─── Source records
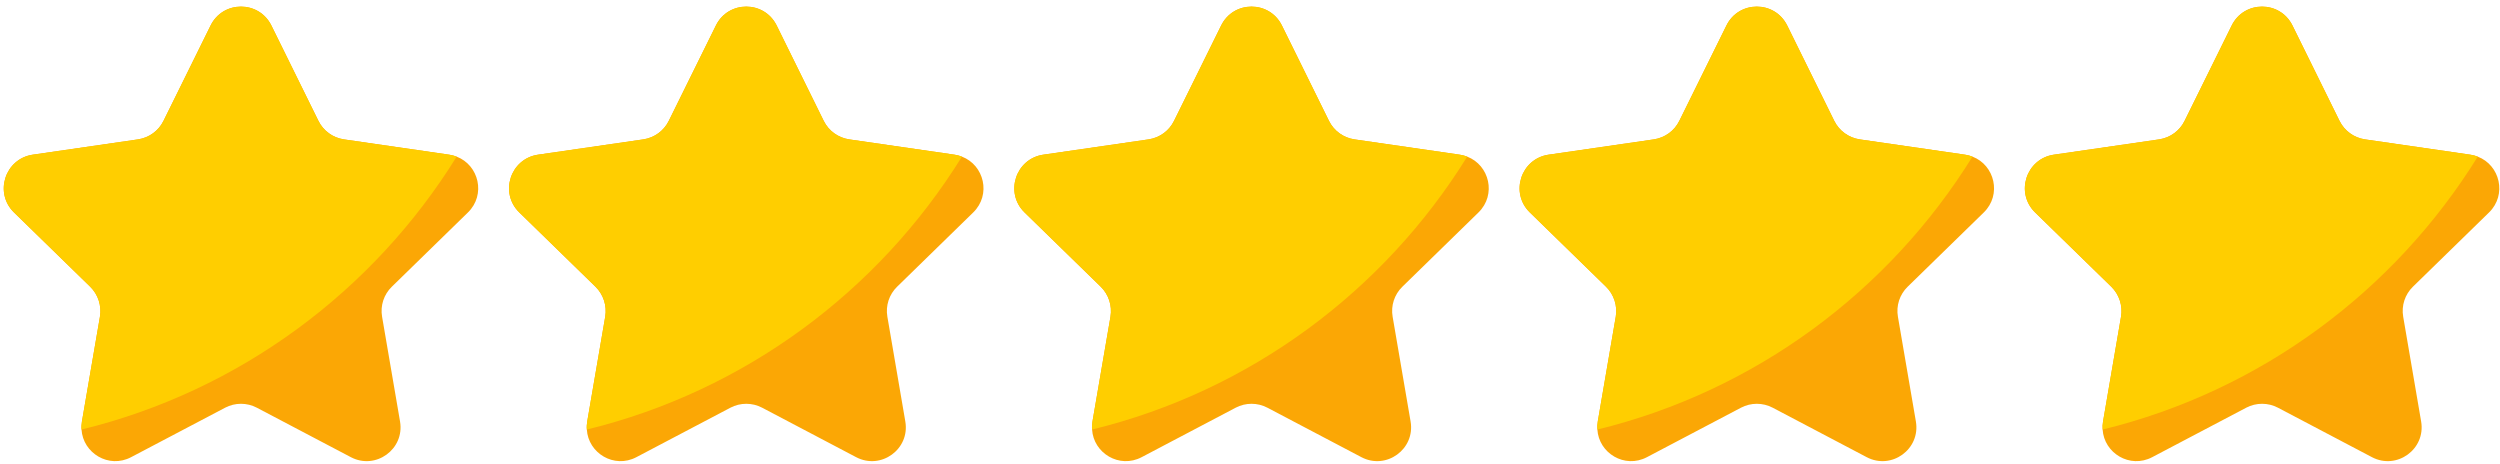<svg width="275" height="51" viewBox="0 0 275 51" fill="none" xmlns="http://www.w3.org/2000/svg">
<path d="M43.104 31.536C42.221 32.391 41.82 33.624 42.029 34.838L44.004 46.36C44.53 49.407 41.327 51.728 38.594 50.288L28.245 44.844C27.158 44.275 25.858 44.275 24.771 44.844L14.422 50.288C11.962 51.585 9.123 49.836 8.968 47.249C8.942 46.963 8.962 46.667 9.012 46.36L10.992 34.838C11.193 33.624 10.792 32.391 9.917 31.536L1.543 23.373C-0.673 21.215 0.553 17.458 3.612 17.012L15.181 15.332C16.395 15.153 17.442 14.395 17.984 13.294L23.165 2.806C24.532 0.033 28.479 0.033 29.852 2.806L35.027 13.294C35.568 14.391 36.616 15.153 37.828 15.332L49.404 17.012C49.697 17.055 49.973 17.128 50.23 17.229C52.671 18.158 53.475 21.418 51.47 23.373L43.104 31.536Z" fill="#FBA705"/>
<path d="M98.685 31.536C97.804 32.391 97.401 33.624 97.611 34.838L99.585 46.36C100.112 49.407 96.909 51.728 94.175 50.288L83.829 44.844C82.74 44.275 81.44 44.275 80.352 44.844L70.004 50.288C67.543 51.585 64.704 49.836 64.552 47.249C64.524 46.963 64.545 46.667 64.594 46.36L66.573 34.838C66.776 33.624 66.373 32.391 65.499 31.536L57.126 23.373C54.908 21.215 56.135 17.458 59.194 17.012L70.763 15.332C71.977 15.153 73.023 14.395 73.566 13.294L78.747 2.806C80.114 0.033 84.061 0.033 85.434 2.806L90.608 13.294C91.15 14.391 92.198 15.153 93.412 15.332L104.986 17.012C105.28 17.055 105.554 17.128 105.811 17.229C108.252 18.158 109.057 21.418 107.051 23.373L98.685 31.536Z" fill="#FBA705"/>
<path d="M154.263 31.536C153.382 32.391 152.979 33.624 153.189 34.838L155.165 46.36C155.69 49.407 152.487 51.728 149.754 50.288L139.407 44.844C138.319 44.275 137.019 44.275 135.931 44.844L125.583 50.288C123.121 51.585 120.282 49.836 120.13 47.249C120.102 46.963 120.123 46.667 120.172 46.36L122.151 34.838C122.354 33.624 121.951 32.391 121.077 31.536L112.705 23.373C110.486 21.215 111.713 17.458 114.772 17.012L126.341 15.332C127.555 15.153 128.603 14.395 129.144 13.294L134.325 2.806C135.692 0.033 139.639 0.033 141.012 2.806L146.187 13.294C146.728 14.391 147.776 15.153 148.99 15.332L160.565 17.012C160.858 17.055 161.134 17.128 161.389 17.229C163.83 18.158 164.635 21.418 162.629 23.373L154.263 31.536Z" fill="#FBA705"/>
<path d="M209.845 31.536C208.964 32.391 208.561 33.624 208.771 34.838L210.747 46.36C211.272 49.407 208.071 51.728 205.337 50.288L194.989 44.844C193.901 44.275 192.601 44.275 191.514 44.844L181.165 50.288C178.705 51.585 175.864 49.836 175.712 47.249C175.686 46.963 175.705 46.667 175.755 46.36L177.733 34.838C177.936 33.624 177.533 32.391 176.659 31.536L168.286 23.373C166.068 21.215 167.295 17.458 170.355 17.012L181.923 15.332C183.137 15.153 184.185 14.395 184.726 13.294L189.907 2.806C191.274 0.033 195.221 0.033 196.594 2.806L201.768 13.294C202.311 14.391 203.358 15.153 204.572 15.332L216.147 17.012C216.44 17.055 216.716 17.128 216.971 17.229C219.412 18.158 220.217 21.418 218.213 23.373L209.845 31.536Z" fill="#FBA705"/>
<path d="M265.423 31.536C264.543 32.391 264.141 33.624 264.351 34.838L266.325 46.36C266.85 49.407 263.649 51.728 260.915 50.288L250.567 44.844C249.479 44.275 248.179 44.275 247.092 44.844L236.744 50.288C234.283 51.585 231.442 49.836 231.29 47.249C231.264 46.963 231.283 46.667 231.334 46.36L233.311 34.838C233.514 33.624 233.113 32.391 232.237 31.536L223.865 23.373C221.646 21.215 222.873 17.458 225.933 17.012L237.502 15.332C238.715 15.153 239.763 14.395 240.304 13.294L245.485 2.806C246.852 0.033 250.799 0.033 252.172 2.806L257.347 13.294C257.889 14.391 258.936 15.153 260.15 15.332L271.726 17.012C272.018 17.055 272.294 17.128 272.549 17.229C274.99 18.158 275.796 21.418 273.791 23.373L265.423 31.536Z" fill="#FBA705"/>
<path d="M50.233 17.229C41.071 32.022 26.344 43.009 8.968 47.249C8.942 46.963 8.962 46.667 9.012 46.36L10.992 34.838C11.193 33.624 10.792 32.391 9.917 31.536L1.543 23.373C-0.673 21.215 0.553 17.458 3.612 17.012L15.181 15.332C16.395 15.153 17.442 14.395 17.984 13.294L23.165 2.806C24.532 0.033 28.479 0.033 29.852 2.806L35.025 13.294C35.568 14.391 36.616 15.153 37.828 15.332L49.404 17.012C49.703 17.055 49.976 17.125 50.233 17.229Z" fill="#FFCE00"/>
<path d="M105.815 17.229C96.654 32.022 81.925 43.009 64.552 47.249C64.524 46.963 64.545 46.667 64.594 46.36L66.573 34.838C66.776 33.624 66.373 32.391 65.499 31.536L57.126 23.373C54.908 21.215 56.135 17.458 59.194 17.012L70.763 15.332C71.977 15.153 73.023 14.395 73.566 13.294L78.747 2.806C80.114 0.033 84.061 0.033 85.434 2.806L90.608 13.294C91.15 14.391 92.198 15.153 93.412 15.332L104.986 17.012C105.283 17.055 105.558 17.125 105.815 17.229Z" fill="#FFCE00"/>
<path d="M161.393 17.229C152.232 32.022 137.504 43.009 120.13 47.249C120.102 46.963 120.123 46.667 120.172 46.36L122.151 34.838C122.354 33.624 121.951 32.391 121.077 31.536L112.705 23.373C110.486 21.215 111.713 17.458 114.772 17.012L126.341 15.332C127.555 15.153 128.603 14.395 129.144 13.294L134.325 2.806C135.692 0.033 139.639 0.033 141.012 2.806L146.187 13.294C146.728 14.391 147.776 15.153 148.99 15.332L160.565 17.012C160.861 17.055 161.137 17.125 161.393 17.229Z" fill="#FFCE00"/>
<path d="M216.973 17.229C207.812 32.022 193.084 43.009 175.71 47.249C175.684 46.963 175.703 46.667 175.754 46.36L177.731 34.838C177.934 33.624 177.531 32.391 176.657 31.536L168.285 23.373C166.066 21.215 167.293 17.458 170.353 17.012L181.921 15.332C183.135 15.153 184.183 14.395 184.724 13.294L189.905 2.806C191.272 0.033 195.219 0.033 196.592 2.806L201.767 13.294C202.309 14.391 203.356 15.153 204.57 15.332L216.145 17.012C216.444 17.055 216.717 17.125 216.973 17.229Z" fill="#FFCE00"/>
<path d="M272.554 17.229C263.392 32.022 248.665 43.009 231.29 47.249C231.264 46.963 231.283 46.667 231.334 46.36L233.311 34.838C233.514 33.624 233.113 32.391 232.237 31.536L223.865 23.373C221.646 21.215 222.873 17.458 225.933 17.012L237.502 15.332C238.715 15.153 239.763 14.395 240.304 13.294L245.485 2.806C246.852 0.033 250.799 0.033 252.172 2.806L257.347 13.294C257.889 14.391 258.936 15.153 260.15 15.332L271.726 17.012C272.021 17.055 272.298 17.125 272.554 17.229Z" fill="#FFCE00"/>
</svg>
──────
▶ [Activity]
Every line of the data above is to be set down exactly; the pictures are not.

▶ [Task output]
<svg width="275" height="51" viewBox="0 0 275 51" fill="none" xmlns="http://www.w3.org/2000/svg">
<path d="M43.104 31.536C42.221 32.391 41.82 33.624 42.029 34.838L44.004 46.36C44.53 49.407 41.327 51.728 38.594 50.288L28.245 44.844C27.158 44.275 25.858 44.275 24.771 44.844L14.422 50.288C11.962 51.585 9.123 49.836 8.968 47.249C8.942 46.963 8.962 46.667 9.012 46.36L10.992 34.838C11.193 33.624 10.792 32.391 9.917 31.536L1.543 23.373C-0.673 21.215 0.553 17.458 3.612 17.012L15.181 15.332C16.395 15.153 17.442 14.395 17.984 13.294L23.165 2.806C24.532 0.033 28.479 0.033 29.852 2.806L35.027 13.294C35.568 14.391 36.616 15.153 37.828 15.332L49.404 17.012C49.697 17.055 49.973 17.128 50.23 17.229C52.671 18.158 53.475 21.418 51.47 23.373L43.104 31.536Z" fill="#FBA705"/>
<path d="M98.685 31.536C97.804 32.391 97.401 33.624 97.611 34.838L99.585 46.36C100.112 49.407 96.909 51.728 94.175 50.288L83.829 44.844C82.74 44.275 81.44 44.275 80.352 44.844L70.004 50.288C67.543 51.585 64.704 49.836 64.552 47.249C64.524 46.963 64.545 46.667 64.594 46.36L66.573 34.838C66.776 33.624 66.373 32.391 65.499 31.536L57.126 23.373C54.908 21.215 56.135 17.458 59.194 17.012L70.763 15.332C71.977 15.153 73.023 14.395 73.566 13.294L78.747 2.806C80.114 0.033 84.061 0.033 85.434 2.806L90.608 13.294C91.15 14.391 92.198 15.153 93.412 15.332L104.986 17.012C105.28 17.055 105.554 17.128 105.811 17.229C108.252 18.158 109.057 21.418 107.051 23.373L98.685 31.536Z" fill="#FBA705"/>
<path d="M154.263 31.536C153.382 32.391 152.979 33.624 153.189 34.838L155.165 46.36C155.69 49.407 152.487 51.728 149.754 50.288L139.407 44.844C138.319 44.275 137.019 44.275 135.931 44.844L125.583 50.288C123.121 51.585 120.282 49.836 120.13 47.249C120.102 46.963 120.123 46.667 120.172 46.36L122.151 34.838C122.354 33.624 121.951 32.391 121.077 31.536L112.705 23.373C110.486 21.215 111.713 17.458 114.772 17.012L126.341 15.332C127.555 15.153 128.603 14.395 129.144 13.294L134.325 2.806C135.692 0.033 139.639 0.033 141.012 2.806L146.187 13.294C146.728 14.391 147.776 15.153 148.99 15.332L160.565 17.012C160.858 17.055 161.134 17.128 161.389 17.229C163.83 18.158 164.635 21.418 162.629 23.373L154.263 31.536Z" fill="#FBA705"/>
<path d="M209.845 31.536C208.964 32.391 208.561 33.624 208.771 34.838L210.747 46.36C211.272 49.407 208.071 51.728 205.337 50.288L194.989 44.844C193.901 44.275 192.601 44.275 191.514 44.844L181.165 50.288C178.705 51.585 175.864 49.836 175.712 47.249C175.686 46.963 175.705 46.667 175.755 46.36L177.733 34.838C177.936 33.624 177.533 32.391 176.659 31.536L168.286 23.373C166.068 21.215 167.295 17.458 170.355 17.012L181.923 15.332C183.137 15.153 184.185 14.395 184.726 13.294L189.907 2.806C191.274 0.033 195.221 0.033 196.594 2.806L201.768 13.294C202.311 14.391 203.358 15.153 204.572 15.332L216.147 17.012C216.44 17.055 216.716 17.128 216.971 17.229C219.412 18.158 220.217 21.418 218.213 23.373L209.845 31.536Z" fill="#FBA705"/>
<path d="M265.423 31.536C264.543 32.391 264.141 33.624 264.351 34.838L266.325 46.36C266.85 49.407 263.649 51.728 260.915 50.288L250.567 44.844C249.479 44.275 248.179 44.275 247.092 44.844L236.744 50.288C234.283 51.585 231.442 49.836 231.29 47.249C231.264 46.963 231.283 46.667 231.334 46.36L233.311 34.838C233.514 33.624 233.113 32.391 232.237 31.536L223.865 23.373C221.646 21.215 222.873 17.458 225.933 17.012L237.502 15.332C238.715 15.153 239.763 14.395 240.304 13.294L245.485 2.806C246.852 0.033 250.799 0.033 252.172 2.806L257.347 13.294C257.889 14.391 258.936 15.153 260.15 15.332L271.726 17.012C272.018 17.055 272.294 17.128 272.549 17.229C274.99 18.158 275.796 21.418 273.791 23.373L265.423 31.536Z" fill="#FBA705"/>
<path d="M50.233 17.229C41.071 32.022 26.344 43.009 8.968 47.249C8.942 46.963 8.962 46.667 9.012 46.36L10.992 34.838C11.193 33.624 10.792 32.391 9.917 31.536L1.543 23.373C-0.673 21.215 0.553 17.458 3.612 17.012L15.181 15.332C16.395 15.153 17.442 14.395 17.984 13.294L23.165 2.806C24.532 0.033 28.479 0.033 29.852 2.806L35.025 13.294C35.568 14.391 36.616 15.153 37.828 15.332L49.404 17.012C49.703 17.055 49.976 17.125 50.233 17.229Z" fill="#FFCE00"/>
<path d="M105.815 17.229C96.654 32.022 81.925 43.009 64.552 47.249C64.524 46.963 64.545 46.667 64.594 46.36L66.573 34.838C66.776 33.624 66.373 32.391 65.499 31.536L57.126 23.373C54.908 21.215 56.135 17.458 59.194 17.012L70.763 15.332C71.977 15.153 73.023 14.395 73.566 13.294L78.747 2.806C80.114 0.033 84.061 0.033 85.434 2.806L90.608 13.294C91.15 14.391 92.198 15.153 93.412 15.332L104.986 17.012C105.283 17.055 105.558 17.125 105.815 17.229Z" fill="#FFCE00"/>
<path d="M161.393 17.229C152.232 32.022 137.504 43.009 120.13 47.249C120.102 46.963 120.123 46.667 120.172 46.36L122.151 34.838C122.354 33.624 121.951 32.391 121.077 31.536L112.705 23.373C110.486 21.215 111.713 17.458 114.772 17.012L126.341 15.332C127.555 15.153 128.603 14.395 129.144 13.294L134.325 2.806C135.692 0.033 139.639 0.033 141.012 2.806L146.187 13.294C146.728 14.391 147.776 15.153 148.99 15.332L160.565 17.012C160.861 17.055 161.137 17.125 161.393 17.229Z" fill="#FFCE00"/>
<path d="M216.973 17.229C207.812 32.022 193.084 43.009 175.71 47.249C175.684 46.963 175.703 46.667 175.754 46.36L177.731 34.838C177.934 33.624 177.531 32.391 176.657 31.536L168.285 23.373C166.066 21.215 167.293 17.458 170.353 17.012L181.921 15.332C183.135 15.153 184.183 14.395 184.724 13.294L189.905 2.806C191.272 0.033 195.219 0.033 196.592 2.806L201.767 13.294C202.309 14.391 203.356 15.153 204.57 15.332L216.145 17.012C216.444 17.055 216.717 17.125 216.973 17.229Z" fill="#FFCE00"/>
<path d="M272.554 17.229C263.392 32.022 248.665 43.009 231.29 47.249C231.264 46.963 231.283 46.667 231.334 46.36L233.311 34.838C233.514 33.624 233.113 32.391 232.237 31.536L223.865 23.373C221.646 21.215 222.873 17.458 225.933 17.012L237.502 15.332C238.715 15.153 239.763 14.395 240.304 13.294L245.485 2.806C246.852 0.033 250.799 0.033 252.172 2.806L257.347 13.294C257.889 14.391 258.936 15.153 260.15 15.332L271.726 17.012C272.021 17.055 272.298 17.125 272.554 17.229Z" fill="#FFCE00"/>
</svg>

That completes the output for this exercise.